April update on / guix-build-coordinator

From: Christopher Baines
Subject: April update on / guix-build-coordinator
Date: Thu, 13 Apr 2023 19:32:54 +0100
I sent out the last update about a month ago in March [1].


## Numbers currently provides ~2.4 million nars, which take
up ~10TiB to store.

## Storage

There are two machines with all the nars, hatysa and bishan. On the plus
size, I recently installed a new hard drive in hatysa so it now has
plenty of storage for more nars.

However, space on bishan is running out, it now has less than 1TiB of
free space and will probably run out of space within the next 4 to 8

## Problems and bug fixes

In the past, I've seen the coordinator memory usage unexpectedly spike
and I haven't really understood why. This started happening again
recently, and I managed to make some progress on tracking it down. It
seems that the problem happens during calls to (backtrace). I was able
to reproduce this with the error handling for hooks, but I haven't been
able to reproduce it in a more standalone manor yet. I've opened a Guile
bug here [2], and for now, I've been trying to work around this issue by
removing backtrace calls from the coordinator. Obviously this isn't
ideal, but I'd also like to avoid this problem.


Another odd issue that I've been coming up against for a while is some
port encoding issue, I've filed a bug about that too [3]. I've been
working around this one by adding silent error handling to logging in
critical areas, so that things keep working even if the logging raises
an exception.


I also investigated why there were problems substituting derivations on
the childhurds. This was broken by some timeout related changes I made
that don't work on the hurd, this is now fixed and the error reporting
in that area is improved.

I recently spotted a crash in the build coordinator when building
anthy-9100h [4], that turned out to be due to a bug in Guile with
handling invalid unicode when using suspendable ports. This is now fixed
upstream [5] and the relevant Guile package in Guix has this patch


I think I made some progress on the write_wait_fd errors I've been
seeing from the coordinator agents. Luckily Ludovic seems to have done
most of the work, so I was able to send a patch for guile-gnutls [6].


## Progress

The Git repositories for the guix-build-coordinator and nar-herder are
now on Savannah [7], which is great as it means other committers can now
easily push to these repositories.


The big new feature I've been working on is support for listening for
events from the coordinator. This is only possible recently with the
support for streaming responses in the guile-fibers web server. While
the build coordinator isn't intended as a web service, it does make use
of http for talking to clients and agents. I've followed the standard
for server sent events [8] for this new functionality.

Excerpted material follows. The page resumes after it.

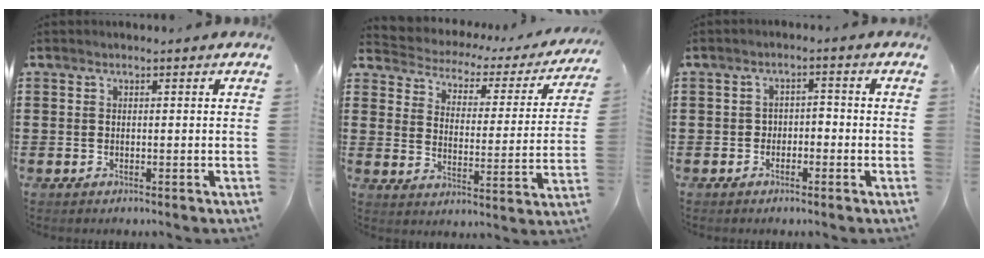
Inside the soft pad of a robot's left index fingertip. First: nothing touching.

The client interface for the coordinator isn't exposed since there's no
authentication mechanism. However, I've also got a prototype for a web
frontend [9] for the build farm up and running. This does expose the
events stream, along with the state information that's needed to make
sense of this. The result so far is this activity page [10], which shows
information about the agents and the builds allocated to them. It's
still a very rough prototype though, and there's more work needed to
make it reliable and include more information to make it more useful.

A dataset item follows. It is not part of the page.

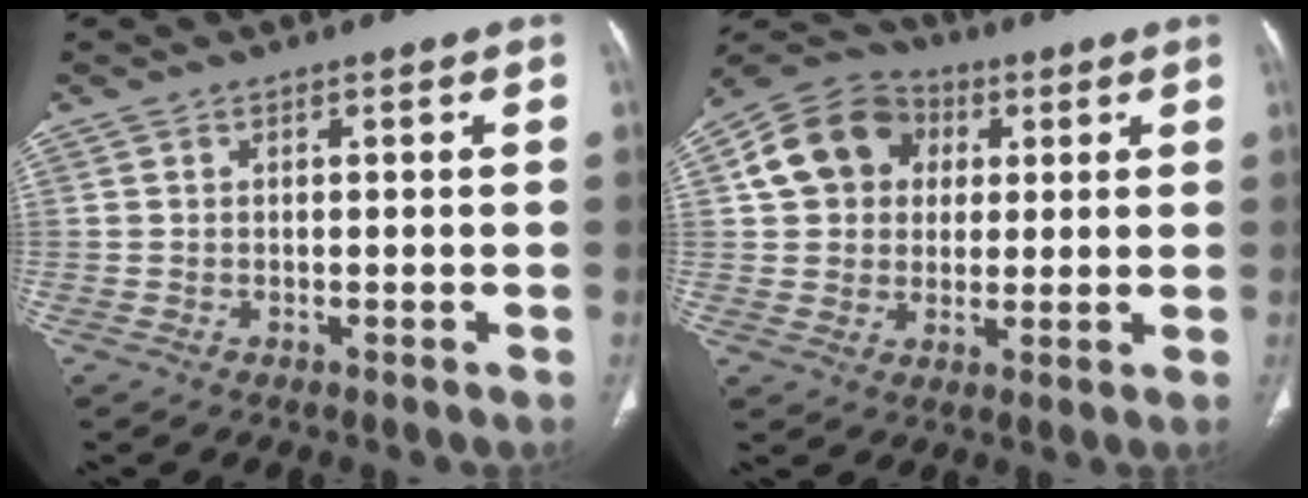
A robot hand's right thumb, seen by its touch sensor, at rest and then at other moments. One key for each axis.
{"total": 13.2, "fx": 3.1, "fy": 11.2, "fz": 6.2, "tx": -0.095, "ty": 0.010, "tz": 0.045}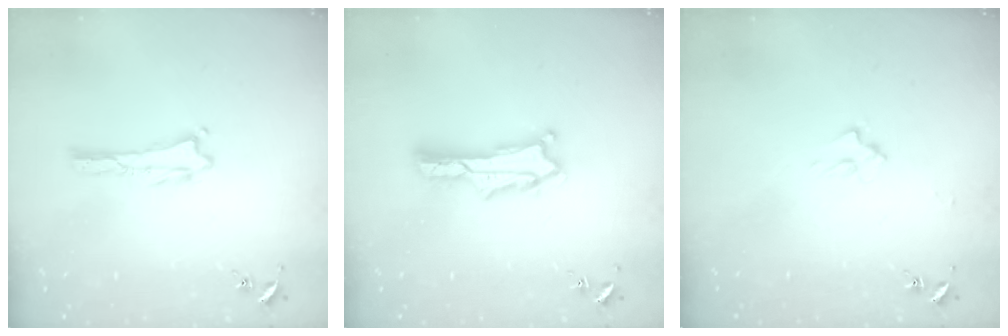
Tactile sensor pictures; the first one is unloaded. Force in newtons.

I've also made some improvements to the build coordinator in terms of
cancelling builds, the combined post publish hook (to enable validating
the availability of referenced nars), parallel hook processing in the
coordinator and prioritising post build actions in the agents (which
helps mitigate congested uploading).

## Next steps

The bishan storage problem is growing ever closer, there's still a need
to come up with a plan. One which ideally reduces the amount of hardware
I'm personally renting.

I still need to do a bit more work on validating nar reference
availability when asking the nar-herder to import nars.

Now that the bordeaux build farm is being used for QA, there will be
some nars that no longer need to be kept (as they correspond to some
derivation that didn't end up on the master branch). It would be good to
start automatically removing these to free up space.

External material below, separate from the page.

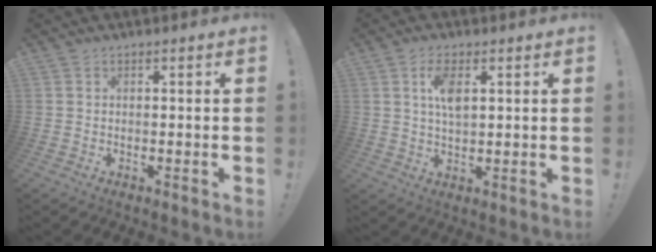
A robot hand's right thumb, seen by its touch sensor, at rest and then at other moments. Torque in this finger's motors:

As above, I think a good start has been made on making the build
coordinator behind bordeaux more observable, but there's still lots of
room for improvement with that.

I also have some sysadmin things to do. The Overdrive (ARM) machine
monokuma has some btrfs issue with it's drive, so I need to reinstall
Guix on it to get it back working. I also have a RiscV board that I've
had for ages, and should get connected up to the build farm to start
building things.

If you're interested in working on any of this, do let me know, and let
me know if you have any comments or questions!